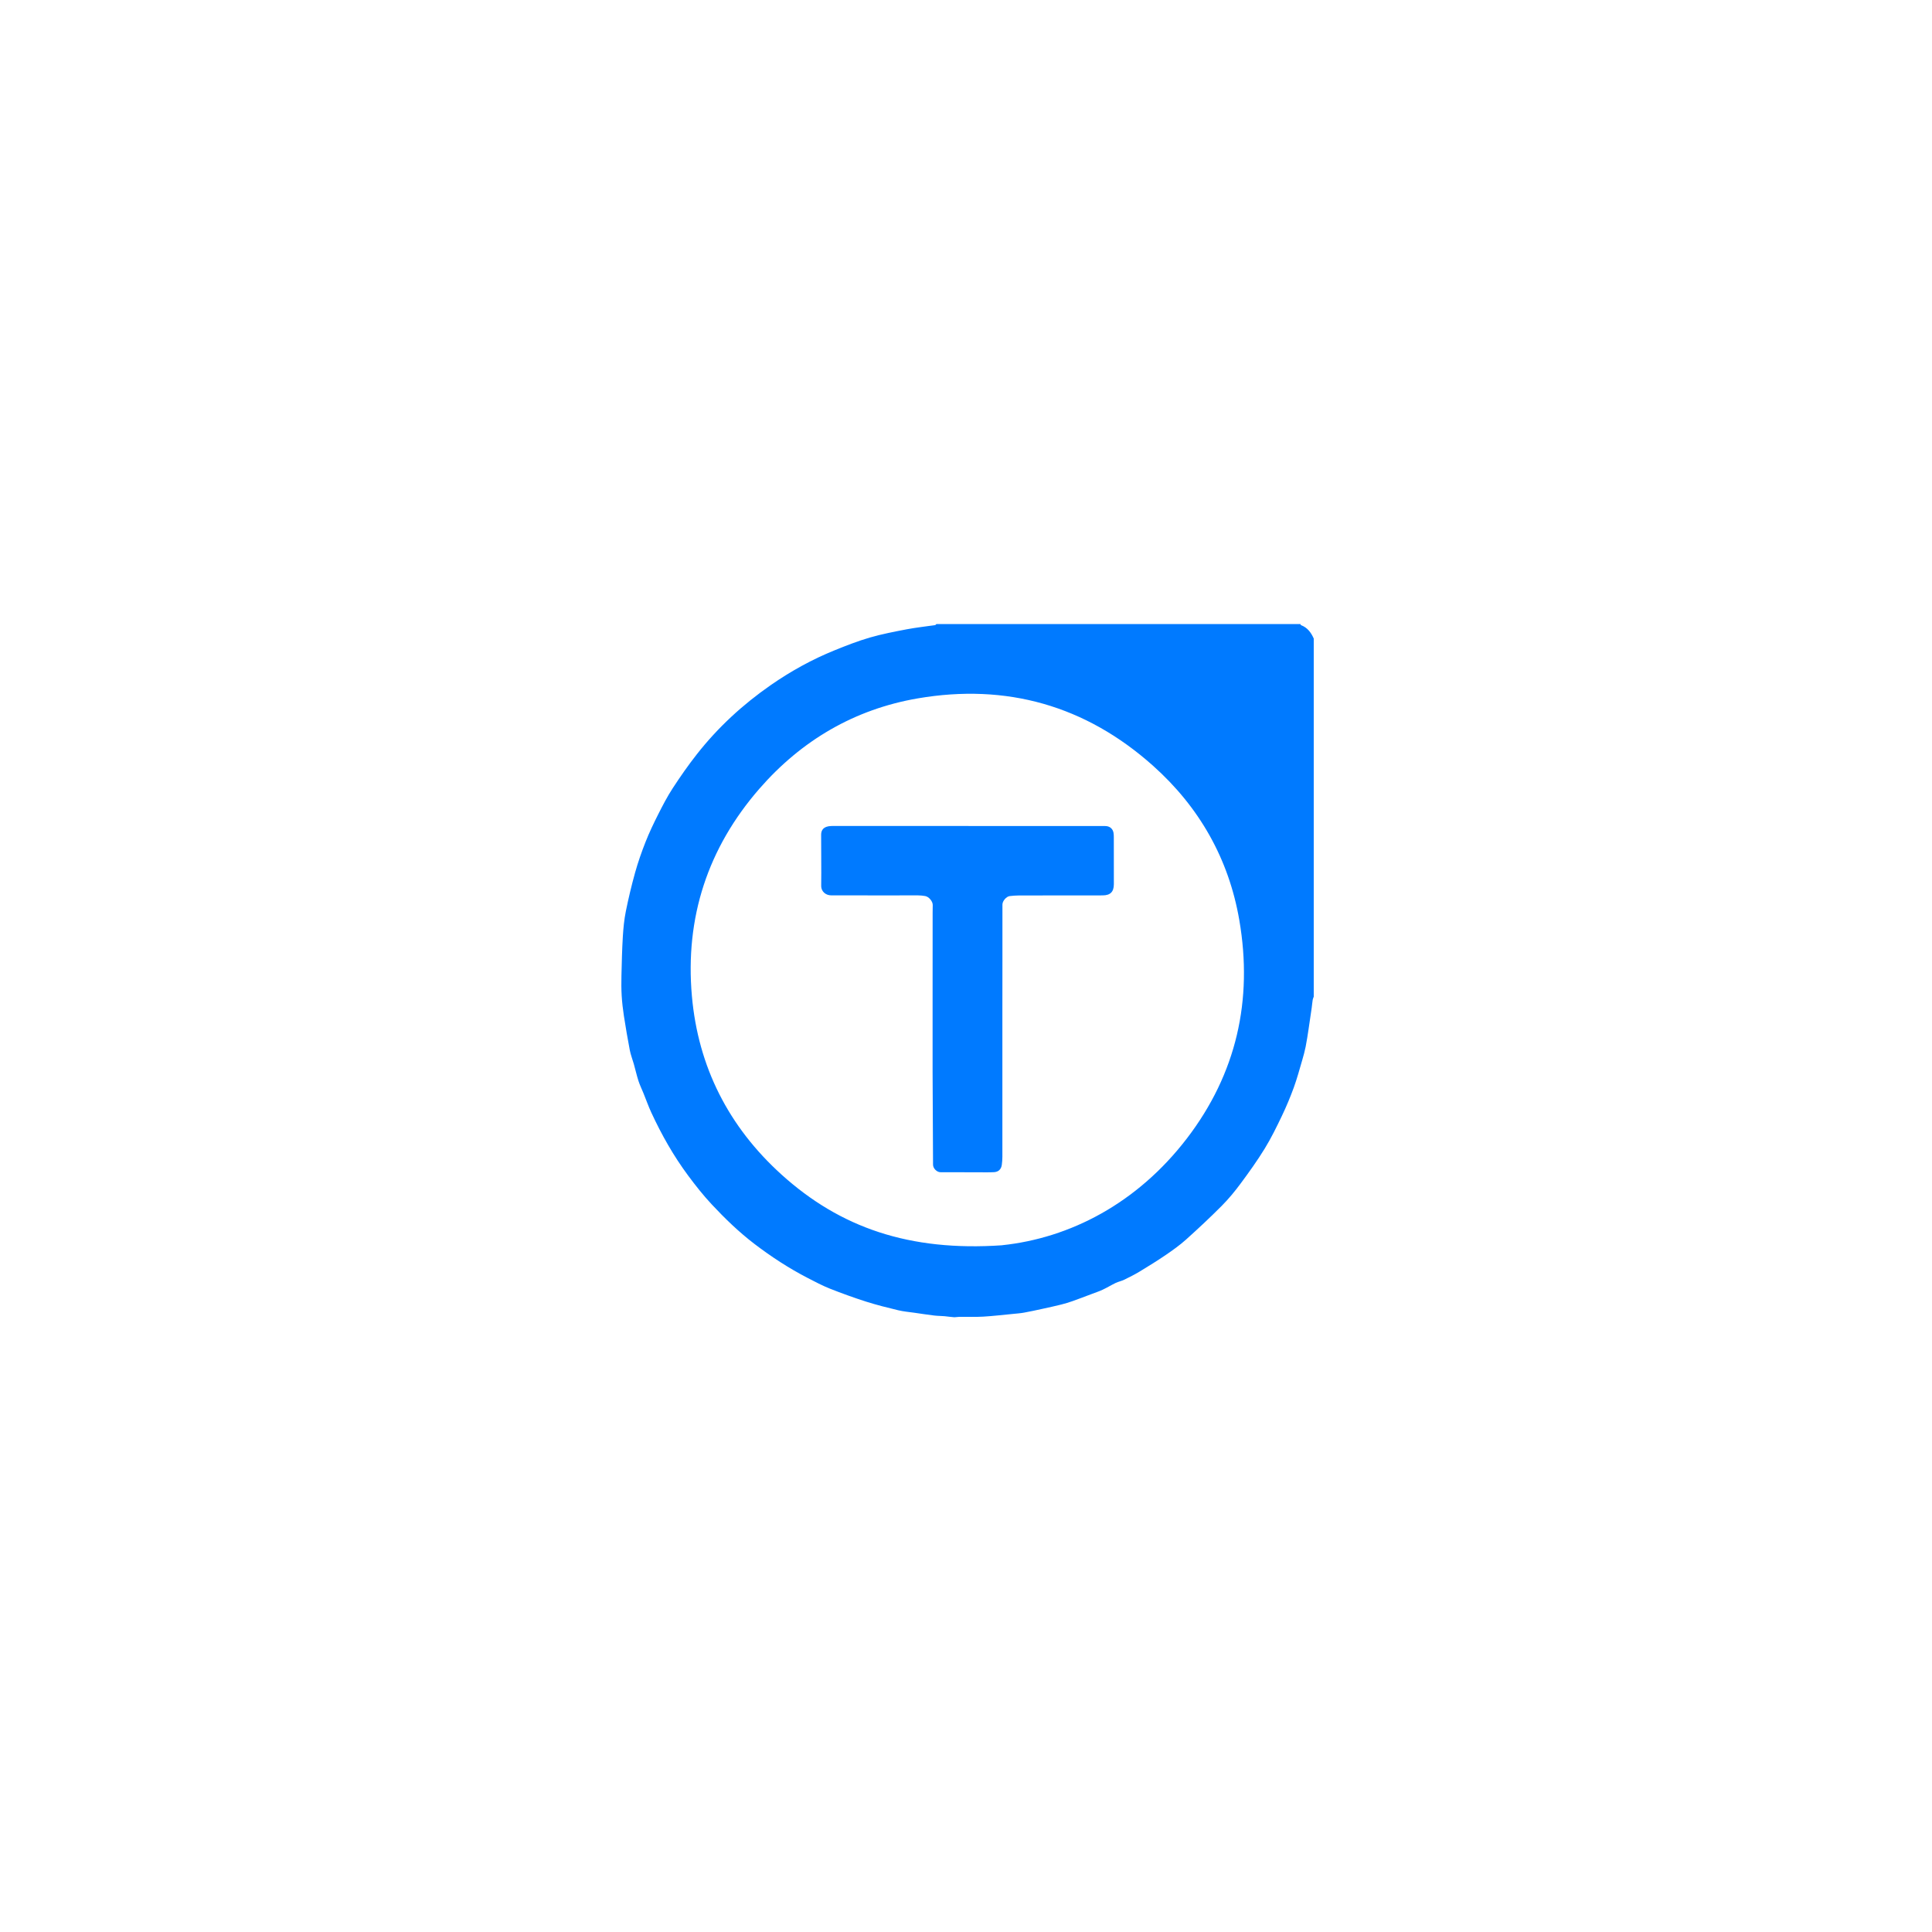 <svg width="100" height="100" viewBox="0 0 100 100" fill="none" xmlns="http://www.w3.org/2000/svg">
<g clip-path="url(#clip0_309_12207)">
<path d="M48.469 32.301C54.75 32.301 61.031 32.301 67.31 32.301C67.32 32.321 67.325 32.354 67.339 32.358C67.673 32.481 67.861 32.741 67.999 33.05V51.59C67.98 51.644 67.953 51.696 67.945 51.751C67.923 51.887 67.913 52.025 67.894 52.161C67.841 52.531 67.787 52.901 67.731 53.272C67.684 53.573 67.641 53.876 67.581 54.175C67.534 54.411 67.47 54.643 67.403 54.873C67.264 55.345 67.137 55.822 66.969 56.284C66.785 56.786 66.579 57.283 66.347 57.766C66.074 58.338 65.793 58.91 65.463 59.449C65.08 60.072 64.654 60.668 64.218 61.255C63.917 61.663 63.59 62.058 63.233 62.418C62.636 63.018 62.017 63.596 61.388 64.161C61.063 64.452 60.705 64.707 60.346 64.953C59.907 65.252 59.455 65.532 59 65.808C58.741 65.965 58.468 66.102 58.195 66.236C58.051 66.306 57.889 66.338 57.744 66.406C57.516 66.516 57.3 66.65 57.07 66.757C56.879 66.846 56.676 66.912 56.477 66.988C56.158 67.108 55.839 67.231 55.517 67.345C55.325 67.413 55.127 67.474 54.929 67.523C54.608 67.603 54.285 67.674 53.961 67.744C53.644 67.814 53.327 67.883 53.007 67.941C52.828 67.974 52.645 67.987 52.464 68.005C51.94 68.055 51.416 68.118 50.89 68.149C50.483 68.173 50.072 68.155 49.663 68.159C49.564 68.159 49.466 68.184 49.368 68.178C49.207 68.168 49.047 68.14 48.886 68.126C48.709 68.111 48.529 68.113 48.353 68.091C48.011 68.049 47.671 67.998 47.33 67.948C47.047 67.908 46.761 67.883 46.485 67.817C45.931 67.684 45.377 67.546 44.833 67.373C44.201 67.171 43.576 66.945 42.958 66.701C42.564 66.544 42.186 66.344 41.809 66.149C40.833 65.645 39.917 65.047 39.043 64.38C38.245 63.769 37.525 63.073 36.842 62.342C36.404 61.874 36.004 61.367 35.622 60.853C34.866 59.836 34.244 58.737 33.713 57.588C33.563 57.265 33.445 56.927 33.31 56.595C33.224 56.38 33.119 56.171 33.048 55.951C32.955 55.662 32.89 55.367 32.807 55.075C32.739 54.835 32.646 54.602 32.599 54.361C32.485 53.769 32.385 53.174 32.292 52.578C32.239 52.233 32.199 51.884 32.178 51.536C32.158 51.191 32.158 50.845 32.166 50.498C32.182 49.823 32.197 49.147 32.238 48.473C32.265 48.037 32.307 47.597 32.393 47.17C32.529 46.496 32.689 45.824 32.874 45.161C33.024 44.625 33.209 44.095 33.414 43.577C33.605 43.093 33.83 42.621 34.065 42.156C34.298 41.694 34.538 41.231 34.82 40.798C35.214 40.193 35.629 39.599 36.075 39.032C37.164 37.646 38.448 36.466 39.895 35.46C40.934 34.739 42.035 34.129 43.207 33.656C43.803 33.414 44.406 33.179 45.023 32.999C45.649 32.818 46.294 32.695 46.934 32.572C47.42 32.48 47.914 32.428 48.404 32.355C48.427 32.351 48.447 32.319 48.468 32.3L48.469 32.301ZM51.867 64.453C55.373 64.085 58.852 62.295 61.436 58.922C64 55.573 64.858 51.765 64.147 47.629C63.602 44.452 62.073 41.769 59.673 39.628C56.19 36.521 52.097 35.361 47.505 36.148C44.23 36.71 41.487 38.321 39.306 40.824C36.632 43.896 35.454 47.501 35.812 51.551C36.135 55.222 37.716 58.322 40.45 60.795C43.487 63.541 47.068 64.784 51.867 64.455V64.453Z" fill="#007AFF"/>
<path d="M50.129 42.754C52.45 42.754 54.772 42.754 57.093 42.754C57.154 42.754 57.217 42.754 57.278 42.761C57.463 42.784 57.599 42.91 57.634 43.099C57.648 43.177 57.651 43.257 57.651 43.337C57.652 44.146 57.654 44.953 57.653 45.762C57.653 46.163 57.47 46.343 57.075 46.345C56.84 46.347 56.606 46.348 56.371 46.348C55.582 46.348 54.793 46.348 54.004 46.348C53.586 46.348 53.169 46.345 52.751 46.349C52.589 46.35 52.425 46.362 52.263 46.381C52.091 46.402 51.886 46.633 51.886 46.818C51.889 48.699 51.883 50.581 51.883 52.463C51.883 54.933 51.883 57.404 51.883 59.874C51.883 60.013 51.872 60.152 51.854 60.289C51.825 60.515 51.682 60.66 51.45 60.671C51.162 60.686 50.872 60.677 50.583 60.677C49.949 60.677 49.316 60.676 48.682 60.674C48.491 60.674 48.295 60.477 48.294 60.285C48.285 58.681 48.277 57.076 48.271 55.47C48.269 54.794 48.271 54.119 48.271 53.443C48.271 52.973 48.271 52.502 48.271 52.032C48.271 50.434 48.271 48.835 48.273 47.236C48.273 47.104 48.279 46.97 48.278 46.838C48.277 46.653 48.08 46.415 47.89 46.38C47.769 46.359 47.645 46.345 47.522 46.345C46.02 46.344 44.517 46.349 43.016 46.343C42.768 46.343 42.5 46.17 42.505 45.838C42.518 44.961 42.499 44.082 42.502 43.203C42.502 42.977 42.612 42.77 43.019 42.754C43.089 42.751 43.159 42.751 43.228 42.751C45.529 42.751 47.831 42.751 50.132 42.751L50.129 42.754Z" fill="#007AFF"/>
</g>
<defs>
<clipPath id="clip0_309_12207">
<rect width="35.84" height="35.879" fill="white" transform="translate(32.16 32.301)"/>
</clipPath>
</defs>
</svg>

-----

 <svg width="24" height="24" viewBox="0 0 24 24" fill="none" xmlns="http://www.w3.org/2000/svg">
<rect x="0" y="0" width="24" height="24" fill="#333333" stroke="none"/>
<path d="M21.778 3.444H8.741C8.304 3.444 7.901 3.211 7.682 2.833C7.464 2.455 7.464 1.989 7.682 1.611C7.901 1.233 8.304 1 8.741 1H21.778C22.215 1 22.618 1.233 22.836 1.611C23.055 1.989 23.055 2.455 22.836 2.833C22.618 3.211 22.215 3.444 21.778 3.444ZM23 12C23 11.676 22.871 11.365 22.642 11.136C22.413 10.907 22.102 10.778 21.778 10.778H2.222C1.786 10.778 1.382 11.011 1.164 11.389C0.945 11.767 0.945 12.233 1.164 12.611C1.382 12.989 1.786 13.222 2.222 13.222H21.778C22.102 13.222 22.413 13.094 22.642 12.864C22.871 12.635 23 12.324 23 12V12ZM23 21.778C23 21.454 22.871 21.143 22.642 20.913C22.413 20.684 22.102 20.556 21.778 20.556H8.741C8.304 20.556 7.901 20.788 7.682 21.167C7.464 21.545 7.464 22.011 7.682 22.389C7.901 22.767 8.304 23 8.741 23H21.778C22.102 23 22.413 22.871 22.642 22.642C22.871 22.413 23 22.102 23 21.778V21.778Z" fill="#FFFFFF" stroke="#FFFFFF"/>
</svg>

-----

— PROBLEM DETAILS —
Count how many lines in the entries above hold the word "rect". Give that number by itself.

— RESULT OF THIS EXERCISE —
2